Still, it would be worth asking them if their book data in stored in a SQL database. Such systems often export to XLSX on the assumption that the data is going to a human user, but may also be able to export to automation-friendly XML/JSON if you ask for it.*

…

Assuming weekly emailed Excel files are what you’re stuck with, I doubt there’s a benefit to building a SQL database to hold it yourself, since you’d just be throwing out all the previous data and refilling it each week†.

You could consider doing all the data cleanup in Excel so the customer-supplied XLSX file remains your single “truth copy”. Your own organization can keep its style guide substitutions in a separate Excel file, which is easy for a human user to work with. Whether you can apply your style guide substitutions to the customer’s XLSX using Excel macros or will need to use some VBA/JavaScript I cannot say; you’d need to ask an Excel expert‡. Either way, it should blast through it in no time and spit out finished data for your AppleScript automation to drop straight into your artwork; no extra processing required.

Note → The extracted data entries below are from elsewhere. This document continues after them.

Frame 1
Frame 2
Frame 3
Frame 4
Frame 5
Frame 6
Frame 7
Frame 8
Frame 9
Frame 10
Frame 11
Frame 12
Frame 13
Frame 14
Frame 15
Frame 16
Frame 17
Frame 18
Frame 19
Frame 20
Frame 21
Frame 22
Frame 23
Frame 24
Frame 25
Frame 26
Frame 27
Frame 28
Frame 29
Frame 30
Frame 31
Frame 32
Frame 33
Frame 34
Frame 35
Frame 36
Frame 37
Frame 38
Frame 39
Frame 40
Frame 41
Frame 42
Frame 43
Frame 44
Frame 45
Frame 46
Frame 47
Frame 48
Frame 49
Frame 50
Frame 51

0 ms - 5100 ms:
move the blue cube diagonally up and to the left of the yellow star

Not the perfect system, but pragmatic. Separates the data preparation step from the artwork production step, with editorial style guide managed separately too, so you’ve a nice clean paper trail of which system and user did what. Speed is nice, but when architecting a system I always think of its responsibilities and liabilities first; especially when mixing manual steps with automated steps.

–

XLSX is a bad data interchange format for anything other than genuine spreadsheets, not least because of Excel’s habit of “helpfully” reformatting/rewriting the inputted data. (I’ve been caught out myself with fun stuff like ISBNs and numeric reference codes mysteriously losing their leading zeroes because Excel has treated them as real numbers. Worst automation data format except for raw PDF.)

† The exception would be if the customer currently uses ad-hoc Excel files but would like to move their business to a more robust database solution. But that’s a much bigger discussion.

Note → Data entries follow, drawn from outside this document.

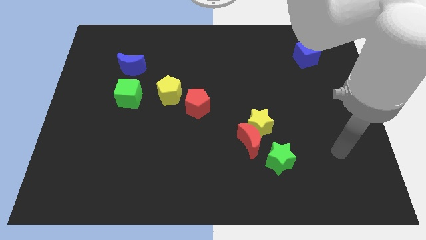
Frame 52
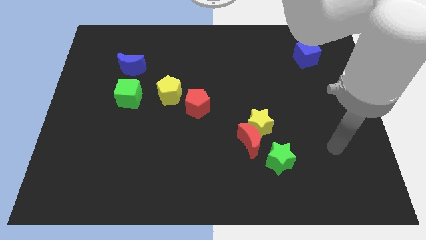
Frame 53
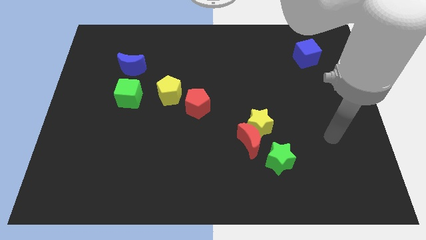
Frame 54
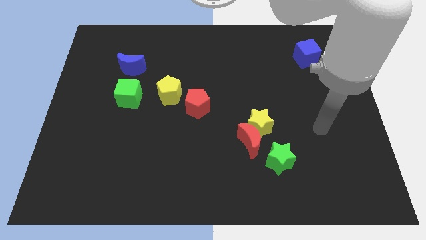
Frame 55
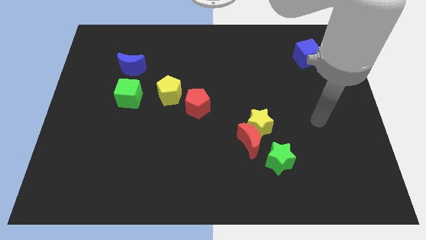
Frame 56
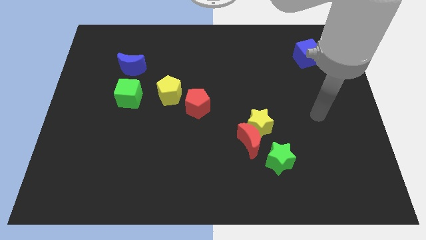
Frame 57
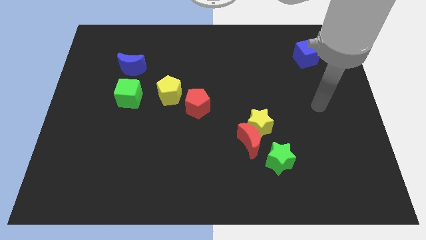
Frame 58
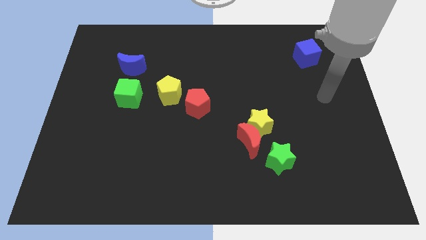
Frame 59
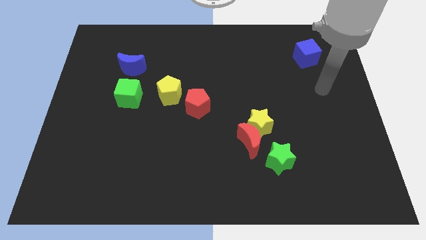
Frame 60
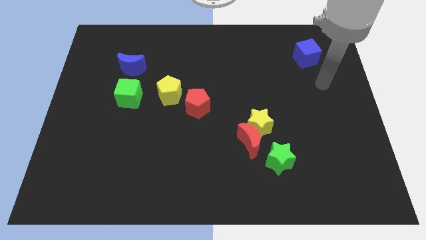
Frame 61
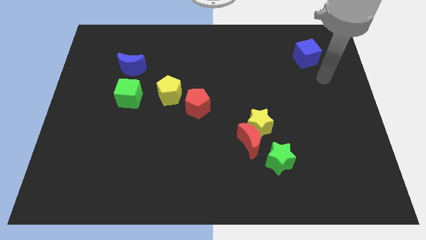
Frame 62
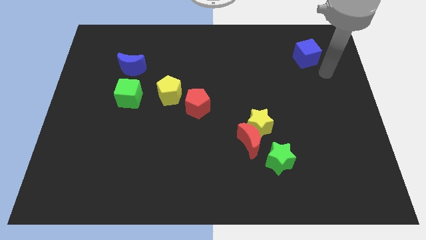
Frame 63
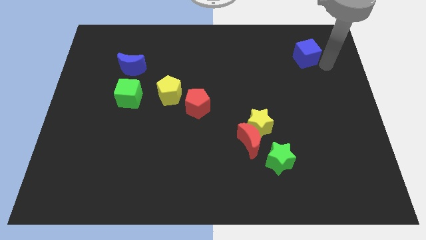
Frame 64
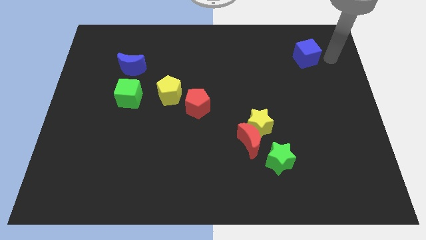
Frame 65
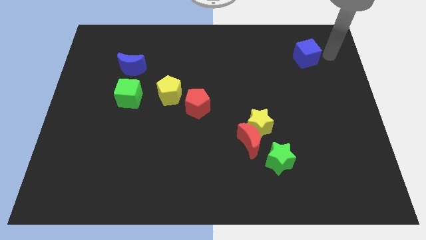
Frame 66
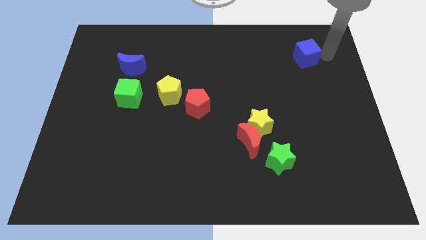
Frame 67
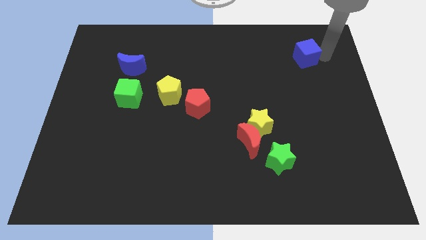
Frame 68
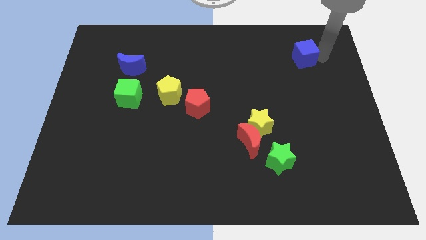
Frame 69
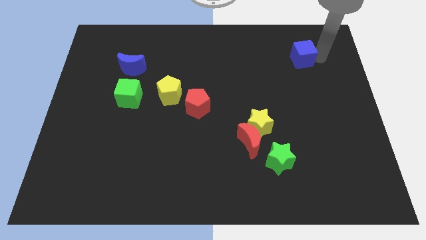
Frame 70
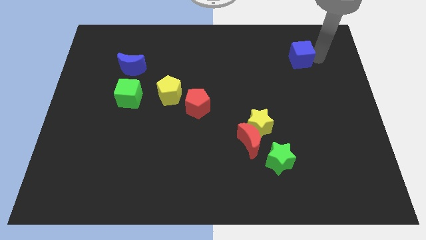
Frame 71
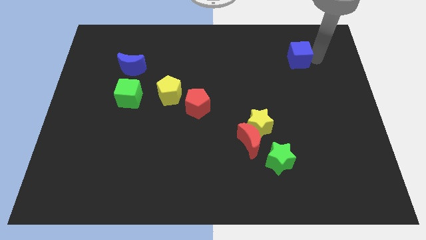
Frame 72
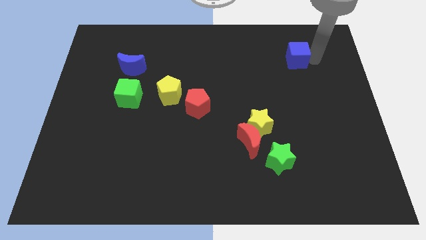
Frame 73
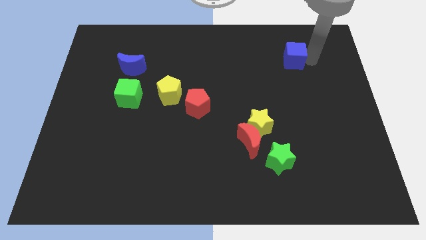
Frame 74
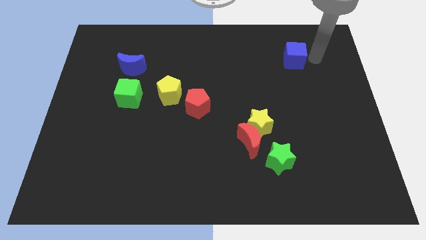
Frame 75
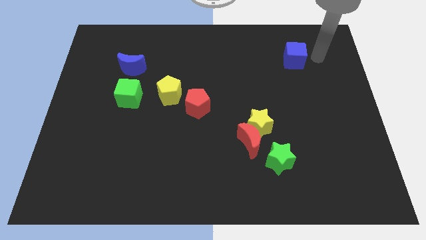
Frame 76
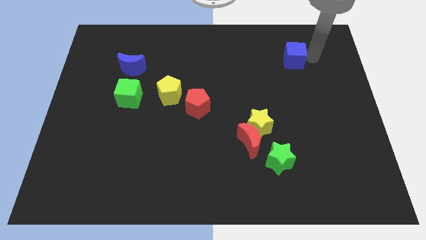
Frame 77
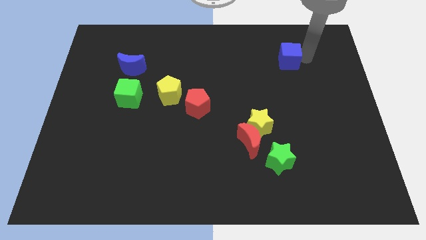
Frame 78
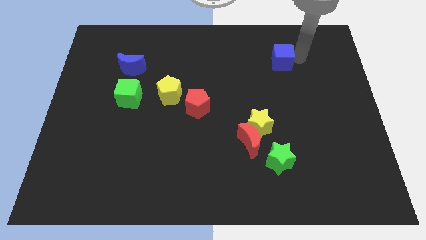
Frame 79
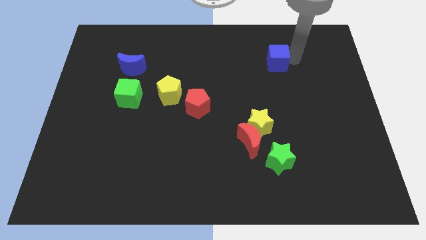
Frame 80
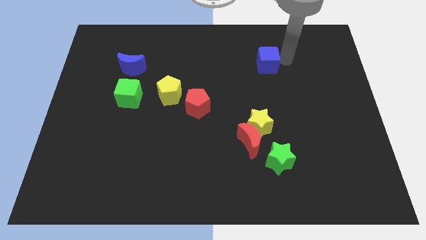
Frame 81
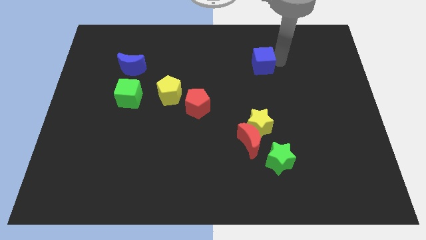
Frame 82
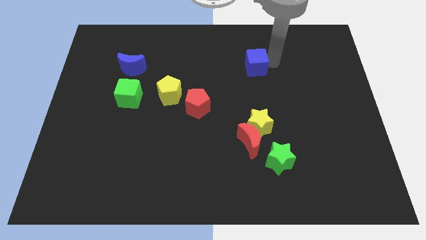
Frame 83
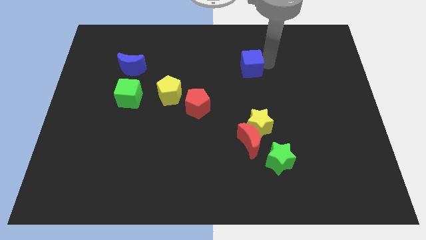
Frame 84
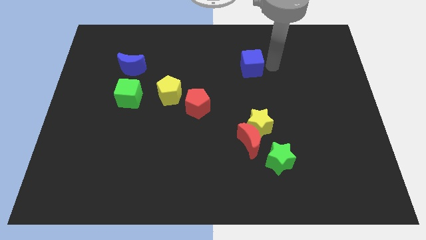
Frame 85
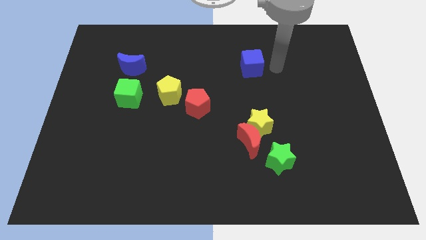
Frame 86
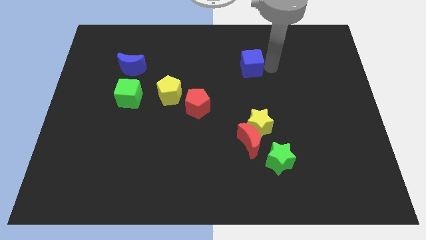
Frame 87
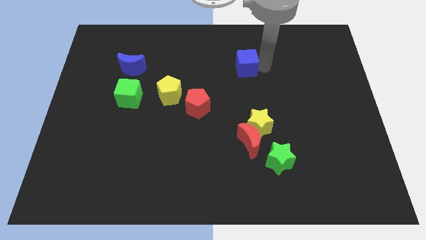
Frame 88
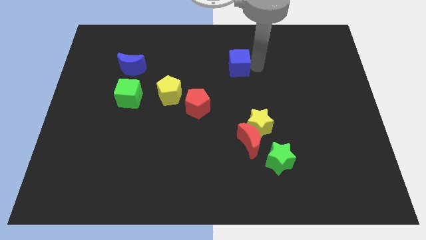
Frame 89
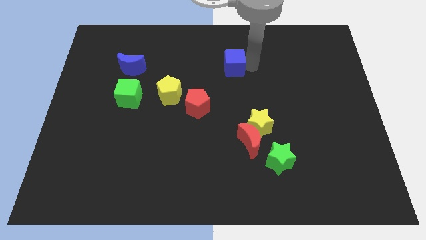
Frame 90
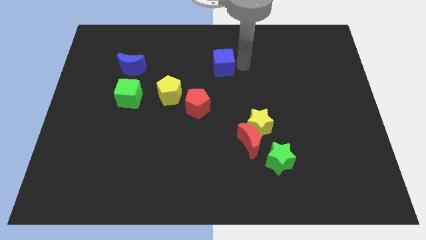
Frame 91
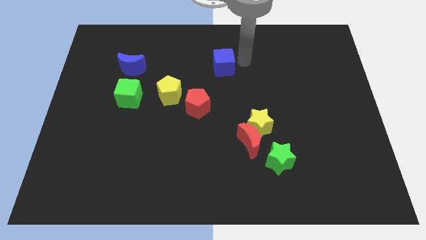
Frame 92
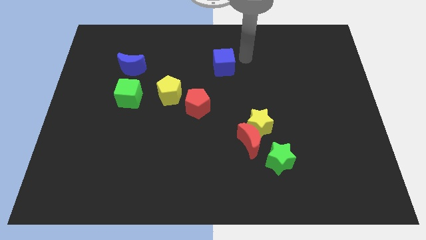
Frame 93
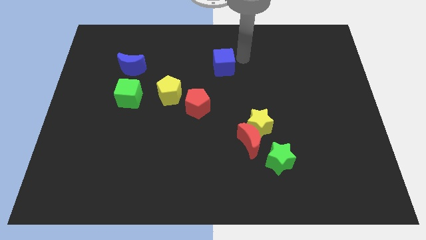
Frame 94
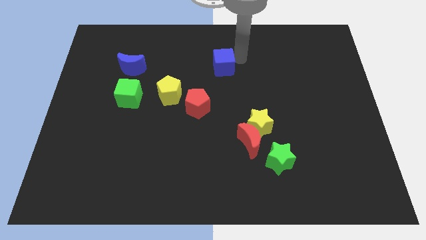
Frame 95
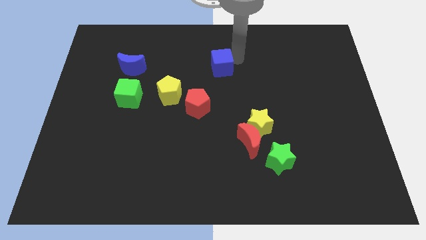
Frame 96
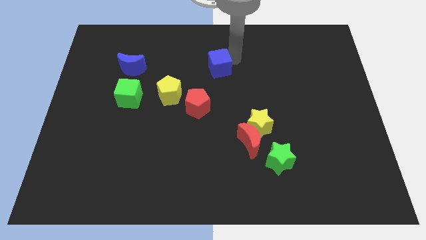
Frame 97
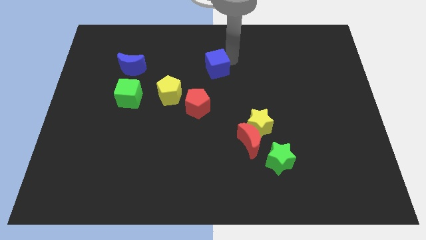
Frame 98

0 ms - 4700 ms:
push the blue cube to the top of the red pentagon

‡ This assumes there’s a business case for improving the overall workflow, as opposed to doing the minimum work needed to make your existing AS automation go faster. (It is easy in automation to disappear up the proverbial; personally satisfying but negative ROI.) You did ask for “best practice” advice though, so I’d be remiss not to suggest general process improvements too. (It’s also easy to get hung up on details while missing big picture.)

estockly · May 15, 2022, 6:36pm

That’s close to what we’re doing now. And the data itself is very reliable and accurate, it just doesn’t meet our style for publication.

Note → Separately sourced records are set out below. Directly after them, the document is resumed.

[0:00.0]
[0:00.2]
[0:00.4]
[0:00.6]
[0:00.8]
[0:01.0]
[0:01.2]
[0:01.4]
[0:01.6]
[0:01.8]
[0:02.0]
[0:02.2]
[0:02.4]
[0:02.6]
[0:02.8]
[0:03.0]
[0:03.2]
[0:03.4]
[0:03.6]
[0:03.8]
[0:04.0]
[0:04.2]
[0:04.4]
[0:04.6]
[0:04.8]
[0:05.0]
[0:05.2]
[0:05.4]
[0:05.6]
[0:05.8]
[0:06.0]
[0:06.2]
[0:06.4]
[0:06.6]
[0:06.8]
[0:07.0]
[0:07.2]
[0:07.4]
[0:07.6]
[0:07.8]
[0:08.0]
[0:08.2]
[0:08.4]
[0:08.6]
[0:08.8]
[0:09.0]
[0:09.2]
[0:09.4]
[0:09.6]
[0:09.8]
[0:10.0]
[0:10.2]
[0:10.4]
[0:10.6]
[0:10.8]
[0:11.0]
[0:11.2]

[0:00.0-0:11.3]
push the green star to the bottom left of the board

It’s just slowing down as the number of titles and changes build up.

hhas01 · May 16, 2022, 8:26am

My Excel-fu is weak, but this is probably what you want:

I would create an Excel file containing a couple of worksheets: one containing your lookup tables and another sheet containing macros which pull the data from the customer’s file and apply the substitutions automatically. You can then export that sheet as tab-delimited text for your AppleScript to place into the artwork.

estockly · May 18, 2022, 4:45pm

OK, this is sending me back down a rabbit hole I looked at before.

With this specific data, this wouldn’t help, but I’m getting more and more info from various sources and I’m either web scraping, or sending users to a URL in the browser and they’re copy/pasting the info.

But, from the looks of it, if I could access from AppleScript (or JavaScript from inside an appleScript; or AppleScriptObjC; or shell scripting) public APIs via this platform (or any other) that would be supercool.

https://www.postman.com

kerflooey · May 18, 2022, 9:25pm

I don’t know if its appropriate in this case, but I do a lot of XLS → Filemaker database (FM imports Excel spreadsheets) → Filemaker calculations to parse/auto-reformat to pub styles → Applescript for output to InDesign.

FM and Applescript work very well together. FM also has its own simple native scripting system, and can display font styles/colors/sizes/etc as well as graphics to reproduce and preview the target InDesign output. It can access or import most online data sources directly, and has a “web viewer” to access and display web pages (among other things). JSON and Javascript are also now supported.